Throughout my years in school I’ve never experienced cliques like they describe in teen novels such as “The Clique Books” or “Pretty Little Liars.” In my earlier days, I read late into the night about a queen bee who ruled the school with her vicious gossip and lies. I thought for sure this is what my high school years would mimic, and wondered how I would survive. Sleepovers were spent watching movies like “Clueless” or “Bring It On” and laughing at all the hilarious jokes (half of which I didn’t understand) but at the same time, fearing that I would be subject to this humiliation in due time.
In elementary school, I had heard about middle school and knew how many kids would be joining my grade and I feared it with a passion. What if, just like in the books, there was a vicious clique that could rip you apart in seconds and ruin your life?
When I finally became an agitating middle school student, there wasn’t a group of girls who wore pink on Wednesdays and jeans on Fridays like the “plastics” from Mean Girls. I didn’t walk through the hallways in fear some clique might try throw my in a trash can. I’ve come to realize that cliques aren’t what they are portrayed in books and movies, they are actually a necessity for a high school student.
At East we don’t have that kind of reigning clique. With such a large population, it’s hard for students to gain the status of “ruling the school.” In a small school where there are maybe only 60 kids to a grade level, a tight group of ten kids can be louder, showier and more hurtful to the other 50 kids in the class.
The cliques at East that I see are made up of kids with shared interests and activities. They hang out together because they like to do the same things. Debaters debate. Choir kids sing.

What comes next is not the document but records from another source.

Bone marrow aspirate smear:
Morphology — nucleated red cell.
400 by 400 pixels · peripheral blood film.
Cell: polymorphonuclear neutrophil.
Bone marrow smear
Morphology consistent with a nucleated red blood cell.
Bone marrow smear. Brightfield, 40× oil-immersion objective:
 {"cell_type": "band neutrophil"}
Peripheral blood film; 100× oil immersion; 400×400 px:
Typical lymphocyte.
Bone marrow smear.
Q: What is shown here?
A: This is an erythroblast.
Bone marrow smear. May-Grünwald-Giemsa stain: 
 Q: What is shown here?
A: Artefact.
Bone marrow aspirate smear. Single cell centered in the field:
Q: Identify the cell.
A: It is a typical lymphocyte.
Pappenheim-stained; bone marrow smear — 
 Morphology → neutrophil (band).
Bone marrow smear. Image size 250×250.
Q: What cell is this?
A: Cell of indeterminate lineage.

There are the theater kids who stay at school late into the night constructing scenery, making costumes and rehearsing for the upcoming production. They think nothing of devoting an entire Saturday to building sets and painting flats, just for doing something they enjoy, not because they have to.

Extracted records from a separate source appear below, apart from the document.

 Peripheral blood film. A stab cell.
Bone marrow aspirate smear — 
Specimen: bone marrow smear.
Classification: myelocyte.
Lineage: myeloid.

The IB kids spend most of their school day with each other, moving from class to class together. They work on projects, study for tests and do homework in their own separate world.
The drill team can be found early in the morning waving flags and moving to the beat of the marching band. Easy to spot on game days with their black and blue uniforms, these ladies dance, plan fundraisers and travel together.

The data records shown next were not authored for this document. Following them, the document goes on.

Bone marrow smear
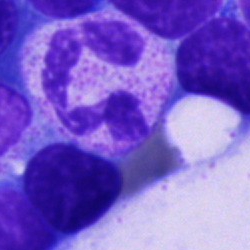
Q: What is the morphological classification of this cell?
A: A neutrophil (segmented).
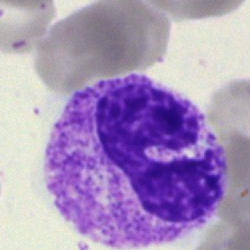 Bone marrow smear showing a stab cell.
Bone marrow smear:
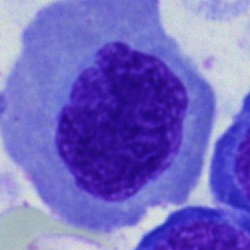

Morphology consistent with a nucleated red blood cell.
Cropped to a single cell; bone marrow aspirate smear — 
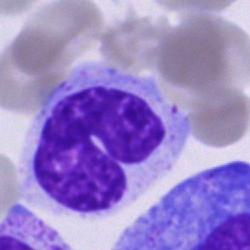
Specimen: bone marrow aspirate smear.
Classification: band-form neutrophil.
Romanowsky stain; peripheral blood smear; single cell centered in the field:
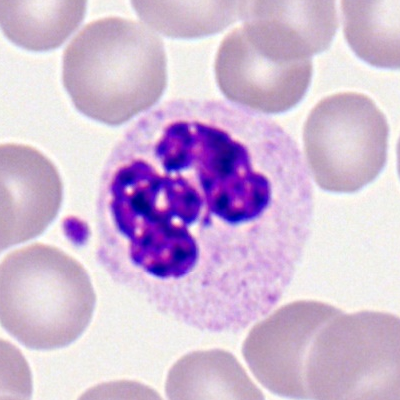 The cell is neutrophil (segmented).
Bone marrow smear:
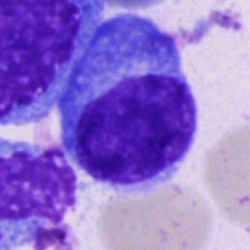
This is a plasma cell.
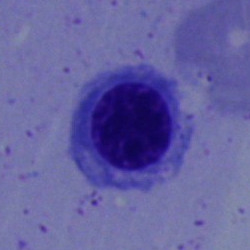Cell: erythroblast.
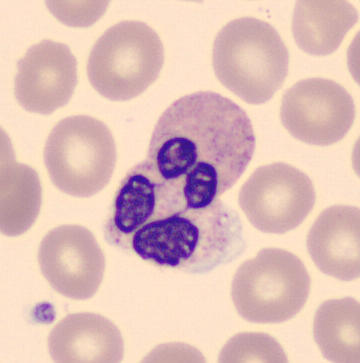

Image: Image size 360×363; peripheral blood smear.

Cell — segmented neutrophil.
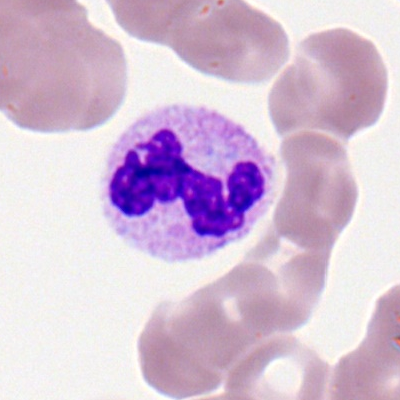Segmented neutrophil.

The amount of time spent together as a group in these activities helps those involved form a close bond. They create inside jokes, eat meals and spend a lot of time together.
But the recipe for cliques that we have at East doesn’t form the kind of hurtful clique you see in movies and TV shows.
I think there are a lot of positive aspects to these kinds of cliques. It helps a big school like Shawnee Mission East feel not so big. It helps even the most nervous freshman feel a sense of identity and belonging. Cliques help break a large public high school into smaller communities.
Walking into my first Student Council meeting freshman year, I felt as fidgety and nervous as a chipmunk. But as the year progressed, I grew to love my fellow members and enjoy the time we spend together during those early Wednesday mornings.
These kinds of activities can give kids an outlet other than academics and help them support and cheer each other on.
I don’t think I would perform half as well as I do in cross country without my friends standing on the sidelines giving me tips and pushing me on. In swimming, while panting at the wall after a hard set, we all congratulate each other and compare our thoughts on how awful we felt during the workout. Although my teammates and I are not always positive, it makes me feel better when I know that your teammates are feeling just as horrible as you.
With all the good that comes from the acceptance and support of cliques, there is also a negative side.
It is easy for kids in these activities to feel boxed in and hesitant to reach out to kids in other activities. For example, when I hangout with my friends on the soccer team I don’t always understand their inside jokes or lingo. But at the same time, they don’t understand my swimming jokes or specific StuCo information.
And what about the student who isn’t involved with anything? They could feel excluded and left behind by the new friendships their friends have formed. But with so many activities to choose from at East, it’s almost impossible not to get involved, or be apart of some sort of clique.
Cliques can be both a blessing and a curse. They can help us overcome our fears and meet new people but they can hold us back at the same time.